Even within the group, Garver belongs to a select company. The only hitter in the set who has made contact on a higher percentage of swings within the zone than Garver is Dozier. No one on the list has swung at a lower percentage of pitches outside the zone, so in that way, Garver’s creating fewer whiffs that most of the others on this list. The ratio of his swing rate within the zone to the same outside the zone is seventh-highest in baseball, and the highest in this group of 15.
That, though, might be part of the problem. Garver might be so patient as to interfere with his own consistency at the plate. Because he swings so little, even within the zone, pitchers can too easily get ahead of him in the count. Because he shrinks his zone to certain parts of the actual strike zone in most situations, he can be pitched too safely in other areas of the zone.
Contrast him with Tatis, who is also right-handed, has all-fields power, shows good plate discipline, and has a nearly identical ratio of in-zone to out-of-zone contact rates. Garver swings at just over 53 percent of pitches within the zone. Tatis swings at 70 percent of such pitches. His swing, like Garver’s, has holes, and pitchers have found them at times. However, even when he’s not fully locked in, Tatis can be lethal to opposing pitchers. His aggressiveness lowers his risk of getting into deep counts, where his lowish contact rate becomes a real liability, and allows him to tap fully into his power.

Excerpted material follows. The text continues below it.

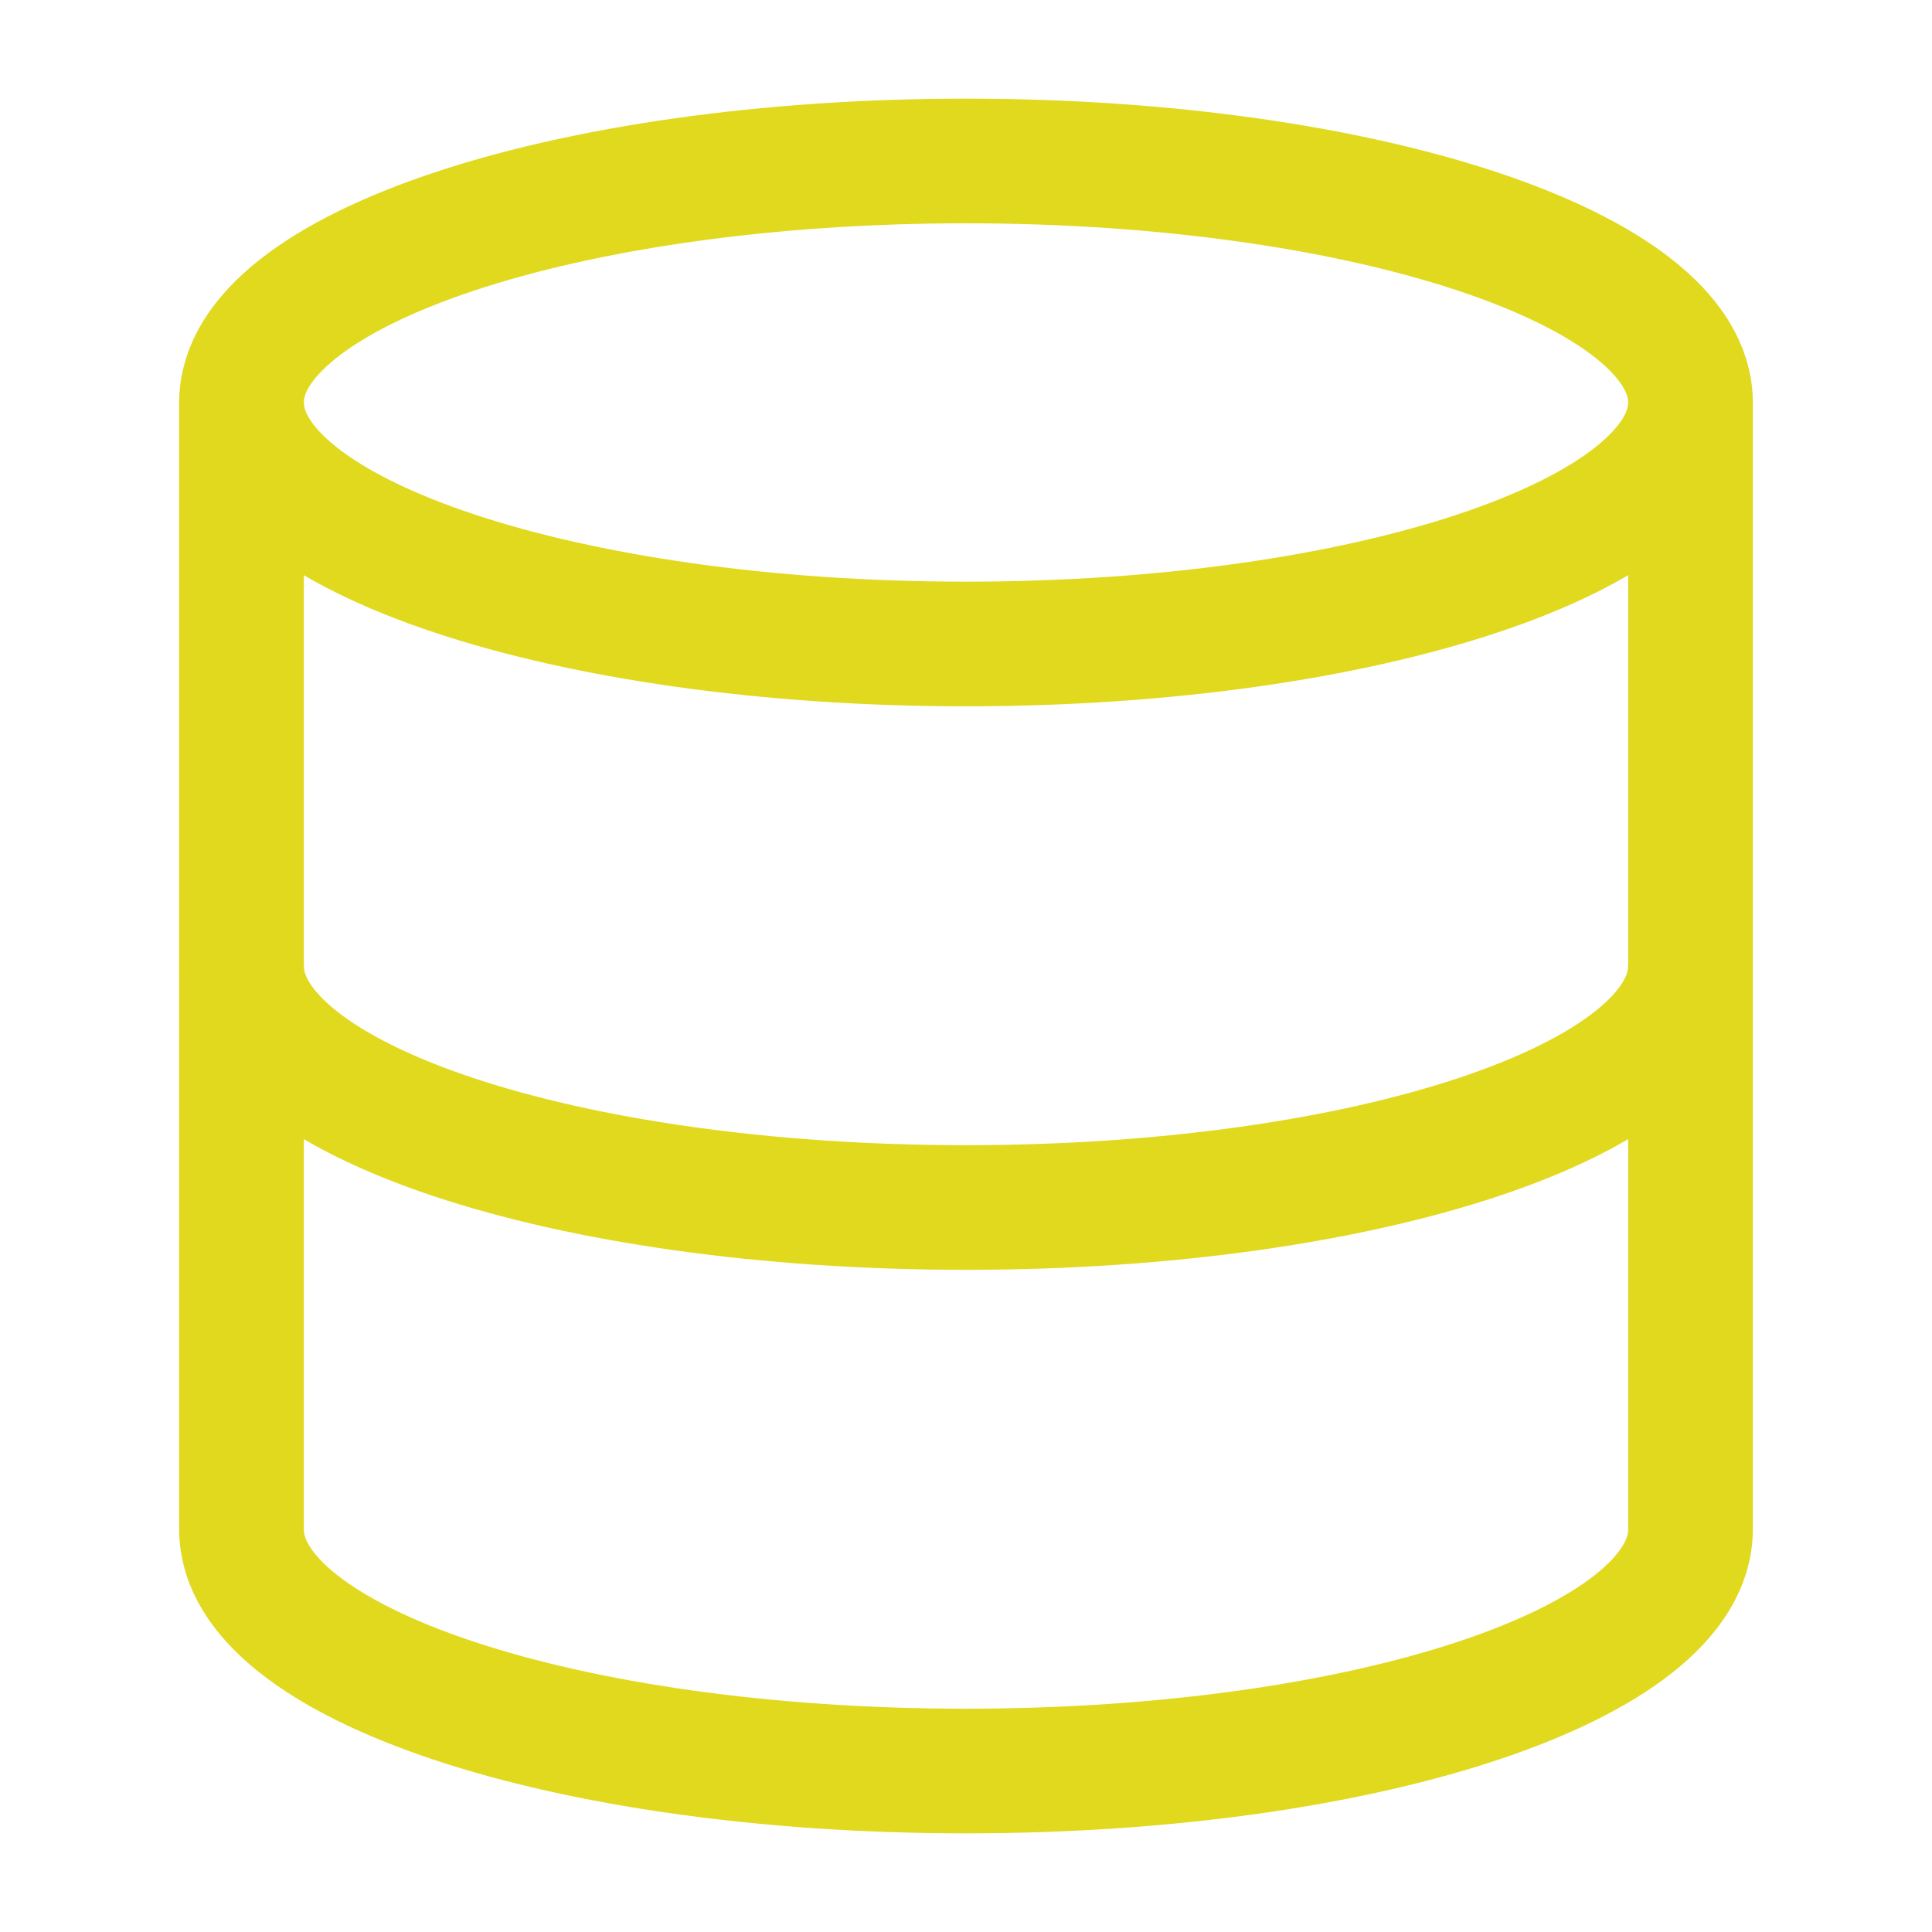 <svg width="31" height="31" viewBox="0 0 31 31" fill="none" xmlns="http://www.w3.org/2000/svg">
<path d="M15.5 10.333C21.92 10.333 27.125 8.598 27.125 6.458C27.125 4.318 21.92 2.583 15.5 2.583C9.08 2.583 3.875 4.318 3.875 6.458C3.875 8.598 9.08 10.333 15.5 10.333Z" stroke="#E1D91E" stroke-width="2" stroke-linecap="round" stroke-linejoin="round"/>
<path d="M27.125 15.5C27.125 17.644 21.958 19.375 15.5 19.375C9.042 19.375 3.875 17.644 3.875 15.5" stroke="#E1D91E" stroke-width="2" stroke-linecap="round" stroke-linejoin="round"/>
<path d="M3.875 6.458V24.542C3.875 26.686 9.042 28.417 15.5 28.417C21.958 28.417 27.125 26.686 27.125 24.542V6.458" stroke="#E1D91E" stroke-width="2" stroke-linecap="round" stroke-linejoin="round"/>
</svg>

For Garver, the approach that brought him such success in 2019 was the result of years of professional evolution, of becoming a more complete and intelligent hitter. If a radically simpler, more primal approach were viable for him, he probably would have found it sooner. It’s unlikely that he can simply flip a mental switch and become a clone of Tatis at the plate, and of course, Tatis’s superior athleticism allows him to do some things Garver couldn’t do even if he perfectly matched that approach. Still, there’s always another difficult adjustment ahead for a big-league hitter, and for Garver, the tricky thing will be threading the needle between getting his pitch every time and not letting it go by when it comes—even if that means widening his definition of what ‘his pitch’ is.